Fifty-five samples of the GG19-2–1 sediment core were taken for pollen analysis at 10-cm intervals from 1.0 to 6.5 m. Pollen was extracted using a standard palynological method60. Two tablets containing exotic Lycopodium spores (27,637 per tablet) were added to each dry sample (2–4 g) to calculate the palynological concentration per gram of sample61. A pollen diagram with local pollen assemblage zones was produced using Tilia software62 (Supplementary Figure S2).

Annual precipitation over the last 1300 years was quantitatively reconstructed based on the subfossil AP records using CREST software63 and the CREST-formatted GBIF database64. The dataset contains the records of plants with quarter-degree grid cell resolution; we used 5,123 plant distribution records within 450 grid cells, which correspond to the geographical range of the KP. To determine the rationality of the PqPann reconstruction, we compared the instrumental rainfall and historic drought records (Fig. 2a–c) and reconstructed the precipitation index in the central inland and northeast coast areas from sediment, cave, and microfossil proxy data (Fig. 2d–f). The sand contents of cores KL-28 and KL-2922,65, which were used as indicators of the Holocene precipitation intensity, were chosen as input variables (Fig. 2b). Both of these cores, and the GG19-2–1 core, are located at the same latitude in the central inland region of the KP, and appear to have experienced similar climate changes during the late Holocene. The sand contents of the two cores were interpolated linearly according to the age of the pollen data.
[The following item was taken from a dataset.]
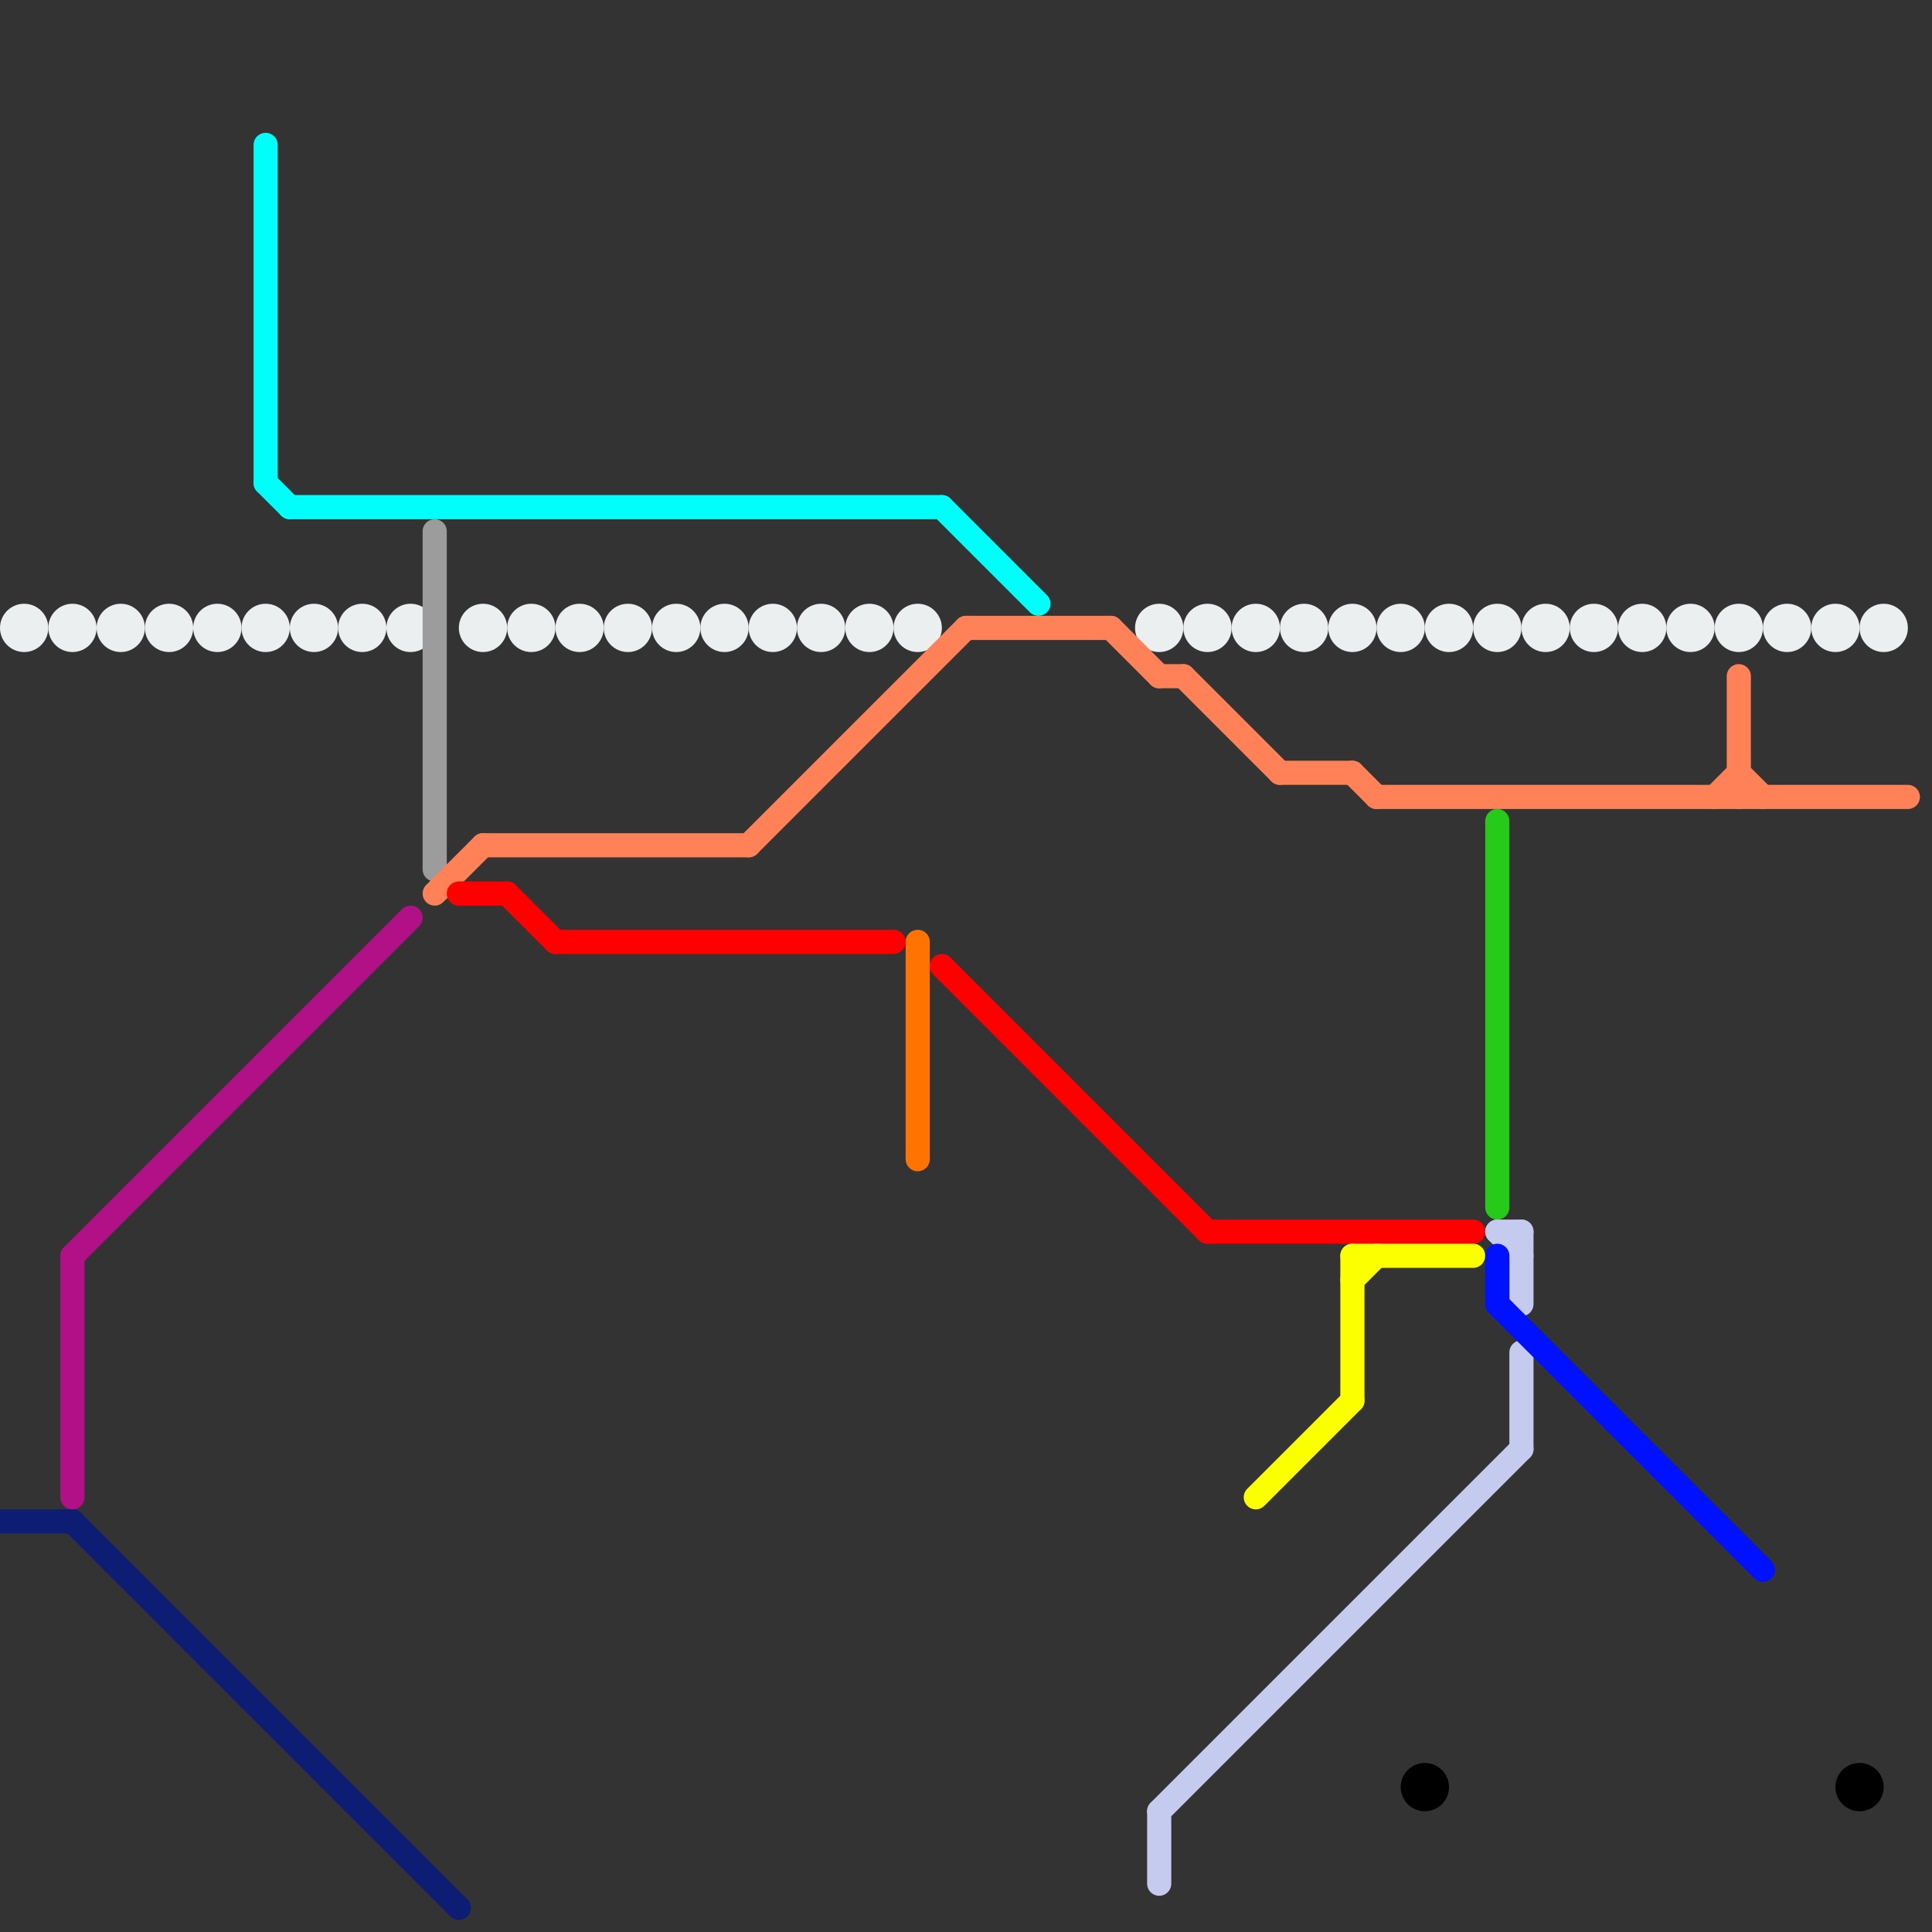 
<svg version="1.1" xmlns="http://www.w3.org/2000/svg" viewBox="0 0 80 80">
<rect x="0" y="0" width="80" height="80" fill="#333333" stroke="none"/>
<style>text { font: 1px Helvetica; font-weight: 600; white-space: pre; dominant-baseline: central; } line { stroke-width: 1; fill: none; stroke-linecap: round; stroke-linejoin: round; } .c0 { stroke: #0c1d73 } .c1 { stroke: #ebefef } .c2 { stroke: #b11086 } .c3 { stroke: #00fffb } .c4 { stroke: #9c9c9c } .c5 { stroke: #ff8157 } .c6 { stroke: #ff0000 } .c7 { stroke: #ff7300 } .c8 { stroke: #c4cbee } .c9 { stroke: #fbff00 } .c10 { stroke: #000000 } .c11 { stroke: #26cb1a } .c12 { stroke: #0011ff }</style><defs><g id="wm-xf"><circle r="1.2" fill="#000"/><circle r="0.9" fill="#fff"/><circle r="0.6" fill="#000"/><circle r="0.3" fill="#fff"/></g><g id="wm"><circle r="0.6" fill="#000"/><circle r="0.3" fill="#fff"/></g></defs><line class="c0" x1="3" y1="63" x2="19" y2="79"/><line class="c0" x1="0" y1="63" x2="3" y2="63"/><circle cx="38" cy="26" r="1" fill="#ebefef" /><circle cx="7" cy="26" r="1" fill="#ebefef" /><circle cx="62" cy="26" r="1" fill="#ebefef" /><circle cx="20" cy="26" r="1" fill="#ebefef" /><circle cx="64" cy="26" r="1" fill="#ebefef" /><circle cx="22" cy="26" r="1" fill="#ebefef" /><circle cx="9" cy="26" r="1" fill="#ebefef" /><circle cx="11" cy="26" r="1" fill="#ebefef" /><circle cx="66" cy="26" r="1" fill="#ebefef" /><circle cx="13" cy="26" r="1" fill="#ebefef" /><circle cx="24" cy="26" r="1" fill="#ebefef" /><circle cx="68" cy="26" r="1" fill="#ebefef" /><circle cx="15" cy="26" r="1" fill="#ebefef" /><circle cx="26" cy="26" r="1" fill="#ebefef" /><circle cx="48" cy="26" r="1" fill="#ebefef" /><circle cx="72" cy="26" r="1" fill="#ebefef" /><circle cx="70" cy="26" r="1" fill="#ebefef" /><circle cx="17" cy="26" r="1" fill="#ebefef" /><circle cx="28" cy="26" r="1" fill="#ebefef" /><circle cx="50" cy="26" r="1" fill="#ebefef" /><circle cx="30" cy="26" r="1" fill="#ebefef" /><circle cx="52" cy="26" r="1" fill="#ebefef" /><circle cx="74" cy="26" r="1" fill="#ebefef" /><circle cx="32" cy="26" r="1" fill="#ebefef" /><circle cx="76" cy="26" r="1" fill="#ebefef" /><circle cx="1" cy="26" r="1" fill="#ebefef" /><circle cx="54" cy="26" r="1" fill="#ebefef" /><circle cx="34" cy="26" r="1" fill="#ebefef" /><circle cx="56" cy="26" r="1" fill="#ebefef" /><circle cx="78" cy="26" r="1" fill="#ebefef" /><circle cx="3" cy="26" r="1" fill="#ebefef" /><circle cx="36" cy="26" r="1" fill="#ebefef" /><circle cx="58" cy="26" r="1" fill="#ebefef" /><circle cx="5" cy="26" r="1" fill="#ebefef" /><circle cx="60" cy="26" r="1" fill="#ebefef" /><line class="c2" x1="3" y1="52" x2="17" y2="38"/><line class="c2" x1="3" y1="52" x2="3" y2="62"/><line class="c3" x1="39" y1="21" x2="43" y2="25"/><line class="c3" x1="12" y1="21" x2="39" y2="21"/><line class="c3" x1="11" y1="6" x2="11" y2="20"/><line class="c3" x1="11" y1="20" x2="12" y2="21"/><line class="c4" x1="18" y1="22" x2="18" y2="36"/><line class="c5" x1="46" y1="26" x2="48" y2="28"/><line class="c5" x1="40" y1="26" x2="46" y2="26"/><line class="c5" x1="53" y1="32" x2="56" y2="32"/><line class="c5" x1="48" y1="28" x2="49" y2="28"/><line class="c5" x1="72" y1="28" x2="72" y2="33"/><line class="c5" x1="56" y1="32" x2="57" y2="33"/><line class="c5" x1="57" y1="33" x2="79" y2="33"/><line class="c5" x1="20" y1="35" x2="31" y2="35"/><line class="c5" x1="71" y1="33" x2="72" y2="32"/><line class="c5" x1="72" y1="32" x2="73" y2="33"/><line class="c5" x1="18" y1="37" x2="20" y2="35"/><line class="c5" x1="31" y1="35" x2="40" y2="26"/><line class="c5" x1="49" y1="28" x2="53" y2="32"/><line class="c6" x1="39" y1="40" x2="50" y2="51"/><line class="c6" x1="23" y1="39" x2="37" y2="39"/><line class="c6" x1="50" y1="51" x2="61" y2="51"/><line class="c6" x1="19" y1="37" x2="21" y2="37"/><line class="c6" x1="21" y1="37" x2="23" y2="39"/><line class="c7" x1="38" y1="39" x2="38" y2="48"/><line class="c8" x1="62" y1="51" x2="63" y2="51"/><line class="c8" x1="48" y1="75" x2="63" y2="60"/><line class="c8" x1="62" y1="51" x2="63" y2="52"/><line class="c8" x1="48" y1="75" x2="48" y2="78"/><line class="c8" x1="63" y1="56" x2="63" y2="60"/><line class="c8" x1="63" y1="51" x2="63" y2="54"/><line class="c9" x1="56" y1="52" x2="56" y2="58"/><line class="c9" x1="56" y1="53" x2="57" y2="52"/><line class="c9" x1="52" y1="62" x2="56" y2="58"/><line class="c9" x1="56" y1="52" x2="61" y2="52"/><circle cx="77" cy="74" r="1" fill="#000000" /><circle cx="59" cy="74" r="1" fill="#000000" /><line class="c11" x1="62" y1="34" x2="62" y2="50"/><line class="c12" x1="62" y1="52" x2="62" y2="54"/><line class="c12" x1="62" y1="54" x2="73" y2="65"/>
</svg>

The age-depth model58, together with the considered core section showing an uneven irregular erosional surface and dramatic shifts of grain size (μm) and mean Folk and Ward (Φ), indicated a 660-year hiatus at a depth of 3.5 m in the core sample (Supplementary Figure S1). An ANNs was used to reconstruct Pann for the hiatus section of the GG19-2–1 sediment core using Visual Gene Developer 1.9 build 78566 (Fig. 2c). The structure of the ANNs was designed with two hidden layers. PqPann and ANNs precipitation data were highly correlated with each other (R2 = 0.955) (Supplementary Figure S3a). The sand contents of core KL-2922, which were used as indicators of the Holocene precipitation intensity, were chosen as the input variables (Fig. 2b). The neural network was trained with a back-propagation algorithm using a hyperbolic tangent transfer function.

We used a Butterworth low-pass-filter to determine the periodicity of precipitation variability and performed cross-correlation analysis to identify the lag time between biotic and abiotic responses to precipitation. We performed power spectral analysis of the ANNs and BN-1 δ18O data to determine the optimal Butterworth low-pass-filter value. Power spectral analysis of the ANNs and BN-1 δ18O data for the last 1300 years (650–1940 CE) yielded periodicities of ca. 90–150 years, ranging from 93 to 144 years and from 117 to 144 years (above the 95% confidence level), respectively (Supplementary Figure S4). Based on these results, a 100-year Butterworth low-pass filter was applied (Fig. 2d,e,f) using the R package signal67. We also performed cross-correlation analysis (Fig. 3 and S3) using BINCOR68, to determine the lag time between the biotic and abiotic responses to precipitation.